▸ DATA:
------------------------------
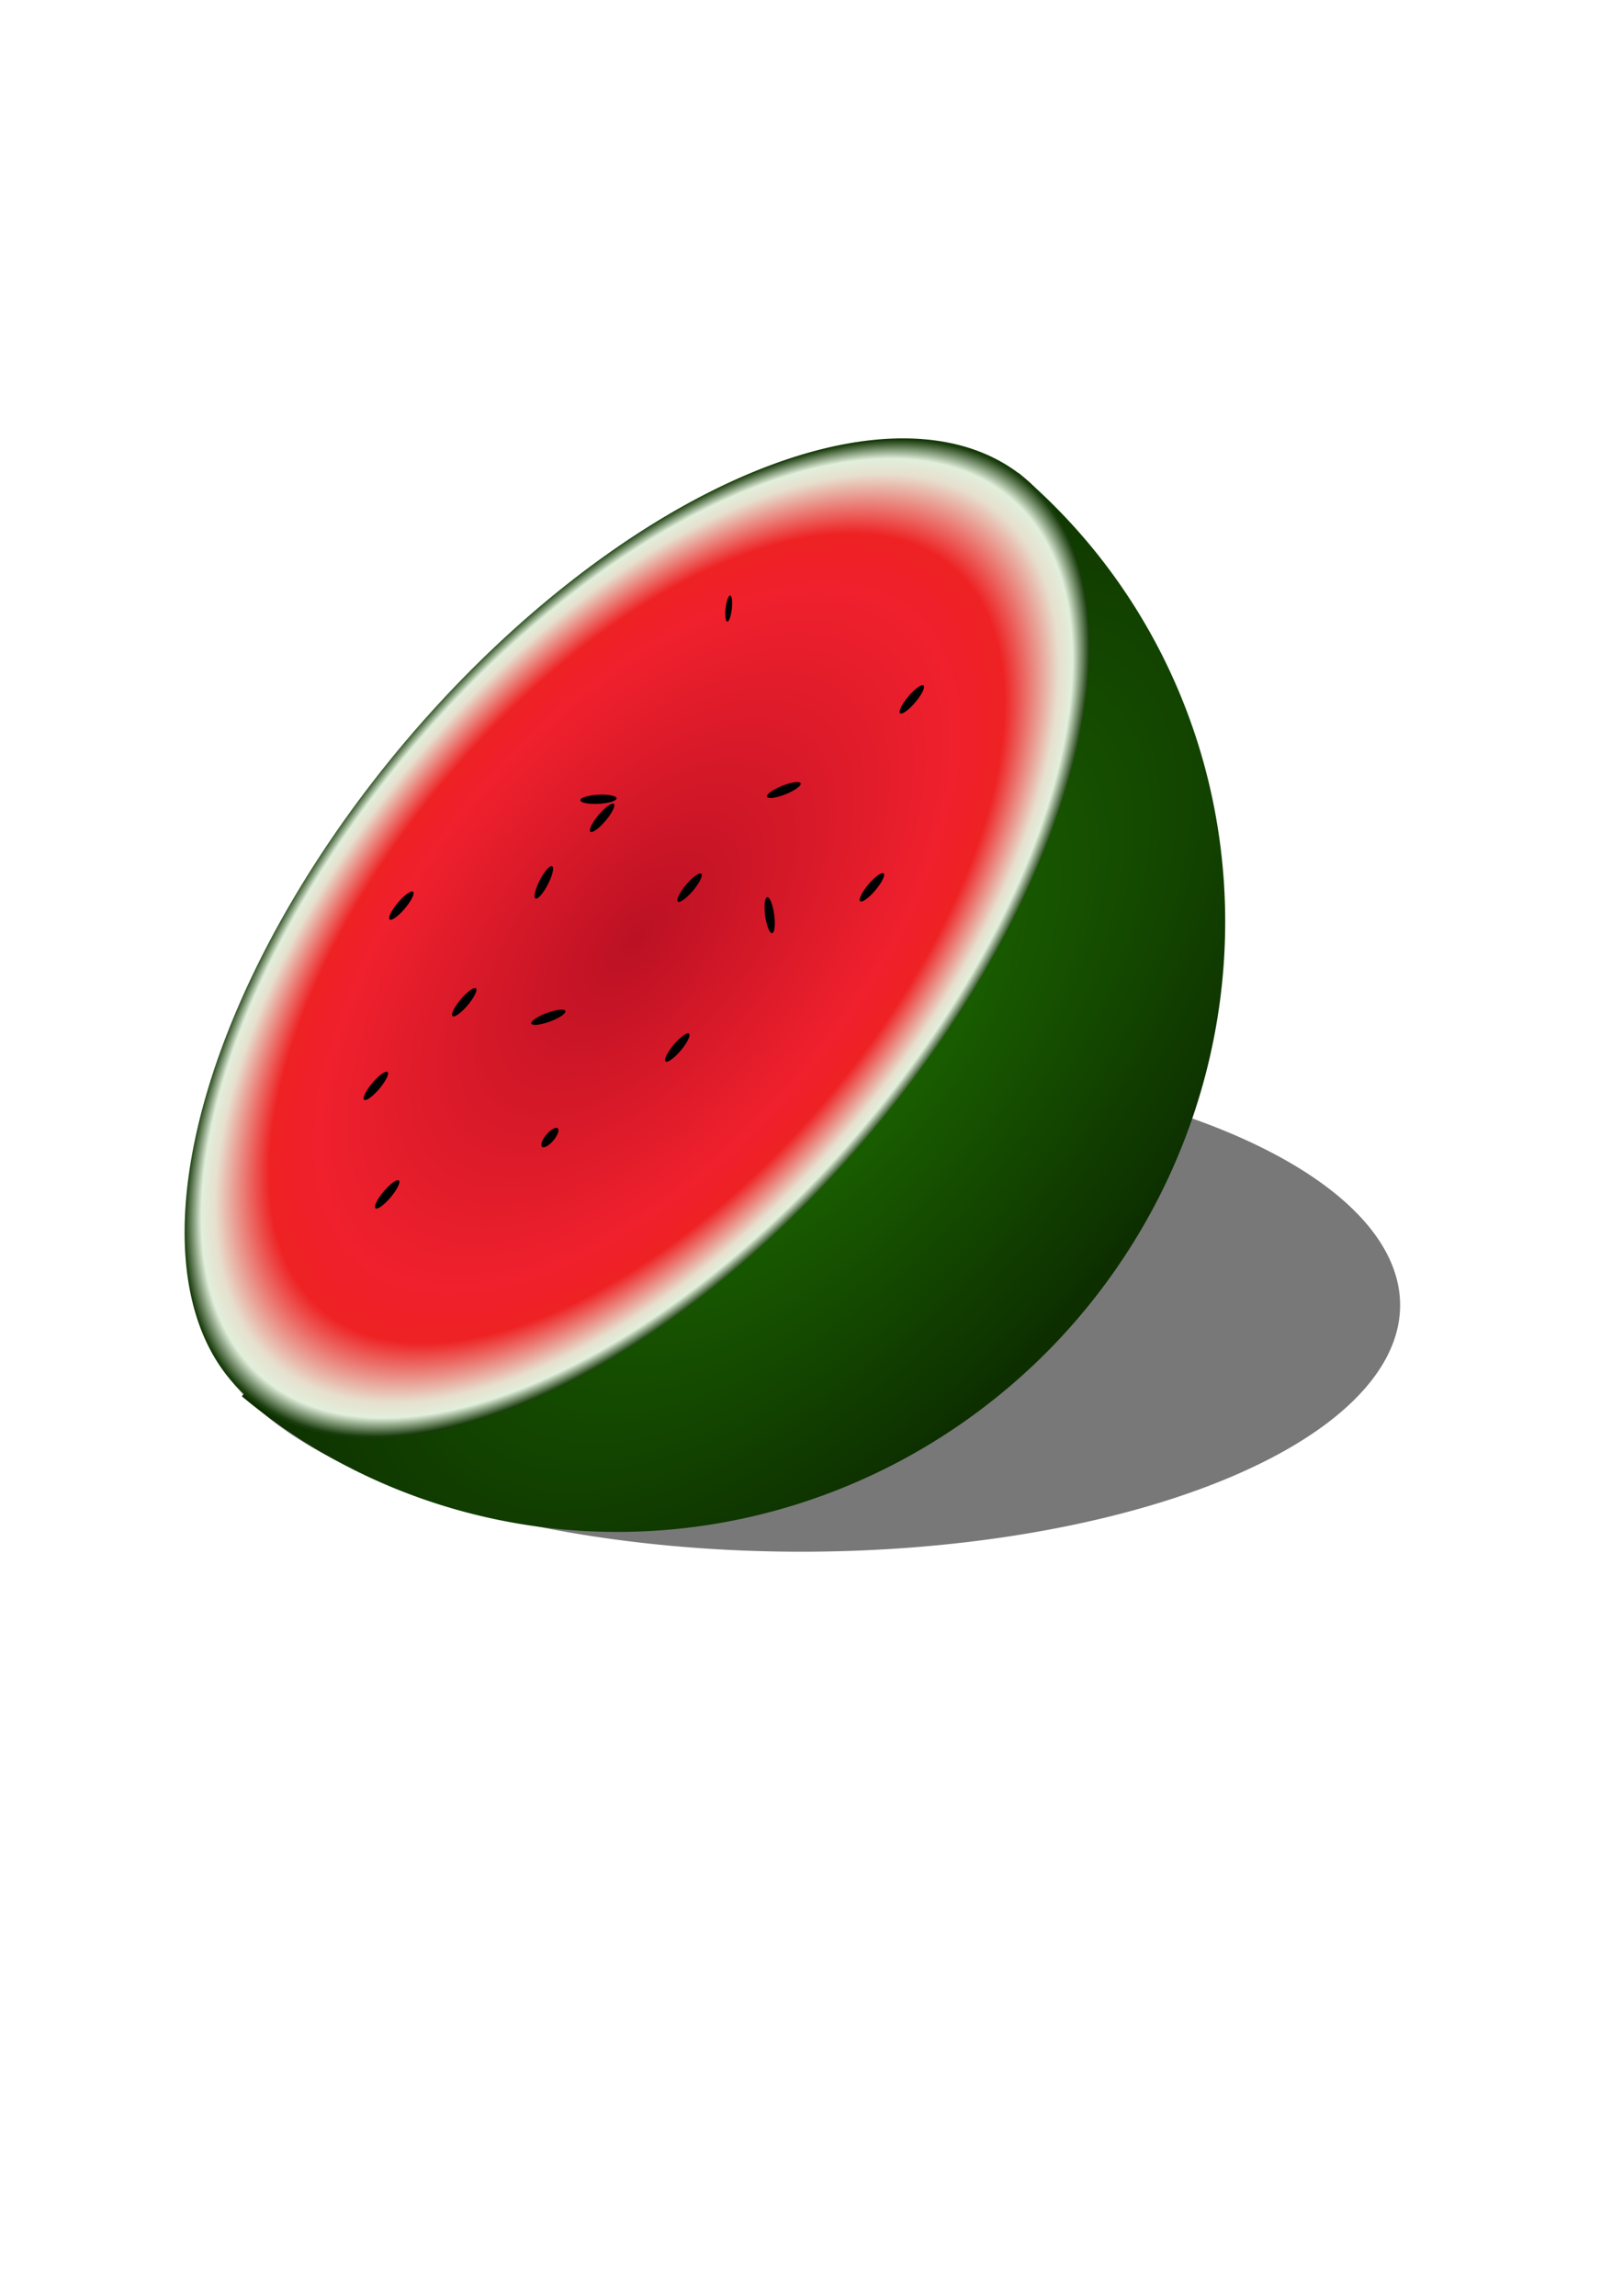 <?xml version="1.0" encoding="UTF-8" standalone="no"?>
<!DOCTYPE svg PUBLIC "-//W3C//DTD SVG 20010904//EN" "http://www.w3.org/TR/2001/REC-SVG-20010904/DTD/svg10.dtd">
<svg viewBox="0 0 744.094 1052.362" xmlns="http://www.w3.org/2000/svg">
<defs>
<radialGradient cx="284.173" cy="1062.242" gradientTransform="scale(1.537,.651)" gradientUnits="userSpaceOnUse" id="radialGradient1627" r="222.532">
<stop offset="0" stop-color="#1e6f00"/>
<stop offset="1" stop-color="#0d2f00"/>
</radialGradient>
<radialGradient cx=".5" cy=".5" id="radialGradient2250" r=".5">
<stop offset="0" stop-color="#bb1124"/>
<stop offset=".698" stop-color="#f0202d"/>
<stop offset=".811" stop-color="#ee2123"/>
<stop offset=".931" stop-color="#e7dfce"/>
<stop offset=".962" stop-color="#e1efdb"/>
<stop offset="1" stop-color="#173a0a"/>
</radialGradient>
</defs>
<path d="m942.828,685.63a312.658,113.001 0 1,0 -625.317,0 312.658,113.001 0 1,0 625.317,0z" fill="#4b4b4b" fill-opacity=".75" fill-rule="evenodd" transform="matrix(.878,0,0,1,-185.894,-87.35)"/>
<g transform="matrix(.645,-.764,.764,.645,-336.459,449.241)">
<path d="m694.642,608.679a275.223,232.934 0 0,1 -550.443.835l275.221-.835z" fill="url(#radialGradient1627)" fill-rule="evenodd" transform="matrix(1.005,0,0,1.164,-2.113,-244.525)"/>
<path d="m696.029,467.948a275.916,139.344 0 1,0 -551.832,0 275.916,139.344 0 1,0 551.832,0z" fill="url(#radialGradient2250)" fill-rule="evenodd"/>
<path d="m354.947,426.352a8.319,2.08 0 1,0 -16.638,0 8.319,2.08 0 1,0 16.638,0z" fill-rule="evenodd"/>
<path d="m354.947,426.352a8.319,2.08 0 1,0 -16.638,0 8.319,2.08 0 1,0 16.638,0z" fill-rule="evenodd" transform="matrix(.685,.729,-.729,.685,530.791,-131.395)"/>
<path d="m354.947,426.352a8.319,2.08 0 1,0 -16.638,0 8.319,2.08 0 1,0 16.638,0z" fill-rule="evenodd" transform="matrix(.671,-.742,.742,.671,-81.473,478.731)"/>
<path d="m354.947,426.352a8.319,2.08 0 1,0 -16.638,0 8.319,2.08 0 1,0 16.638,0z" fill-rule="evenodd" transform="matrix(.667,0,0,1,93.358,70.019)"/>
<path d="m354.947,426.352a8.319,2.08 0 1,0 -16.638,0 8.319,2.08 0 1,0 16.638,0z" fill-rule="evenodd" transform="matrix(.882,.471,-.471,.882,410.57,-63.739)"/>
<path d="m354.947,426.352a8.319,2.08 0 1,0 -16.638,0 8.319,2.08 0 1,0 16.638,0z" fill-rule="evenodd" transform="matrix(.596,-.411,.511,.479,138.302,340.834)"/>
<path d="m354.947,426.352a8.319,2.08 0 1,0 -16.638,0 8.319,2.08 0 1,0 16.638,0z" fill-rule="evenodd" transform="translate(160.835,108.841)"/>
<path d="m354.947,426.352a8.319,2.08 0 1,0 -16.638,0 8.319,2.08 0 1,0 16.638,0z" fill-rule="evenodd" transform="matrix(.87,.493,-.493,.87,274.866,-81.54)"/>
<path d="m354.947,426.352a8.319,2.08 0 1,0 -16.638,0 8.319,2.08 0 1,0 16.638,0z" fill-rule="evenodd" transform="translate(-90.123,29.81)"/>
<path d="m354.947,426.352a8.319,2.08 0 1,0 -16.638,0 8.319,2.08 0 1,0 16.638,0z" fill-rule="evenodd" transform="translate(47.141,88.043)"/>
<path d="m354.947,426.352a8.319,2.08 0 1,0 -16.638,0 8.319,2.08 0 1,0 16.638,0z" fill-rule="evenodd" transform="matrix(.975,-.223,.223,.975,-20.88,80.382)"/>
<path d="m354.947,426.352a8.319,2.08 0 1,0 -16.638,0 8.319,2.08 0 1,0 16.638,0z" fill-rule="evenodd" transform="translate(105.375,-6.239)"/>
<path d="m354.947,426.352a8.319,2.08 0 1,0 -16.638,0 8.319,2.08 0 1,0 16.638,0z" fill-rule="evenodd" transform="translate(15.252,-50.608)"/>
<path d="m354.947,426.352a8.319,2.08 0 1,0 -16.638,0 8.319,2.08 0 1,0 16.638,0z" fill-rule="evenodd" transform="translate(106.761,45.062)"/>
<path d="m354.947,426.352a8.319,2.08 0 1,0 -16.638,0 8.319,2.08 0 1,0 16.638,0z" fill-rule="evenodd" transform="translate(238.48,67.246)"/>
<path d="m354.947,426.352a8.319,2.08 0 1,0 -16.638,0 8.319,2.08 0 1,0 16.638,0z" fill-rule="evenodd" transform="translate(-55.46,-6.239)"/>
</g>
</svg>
------------------------------
Wherever the word "offset" turns up in a line of the entries above, copy that line.

▸ TASK RESULT:
<stop offset="0" stop-color="#1e6f00"/>
<stop offset="1" stop-color="#0d2f00"/>
<stop offset="0" stop-color="#bb1124"/>
<stop offset=".698" stop-color="#f0202d"/>
<stop offset=".811" stop-color="#ee2123"/>
<stop offset=".931" stop-color="#e7dfce"/>
<stop offset=".962" stop-color="#e1efdb"/>
<stop offset="1" stop-color="#173a0a"/>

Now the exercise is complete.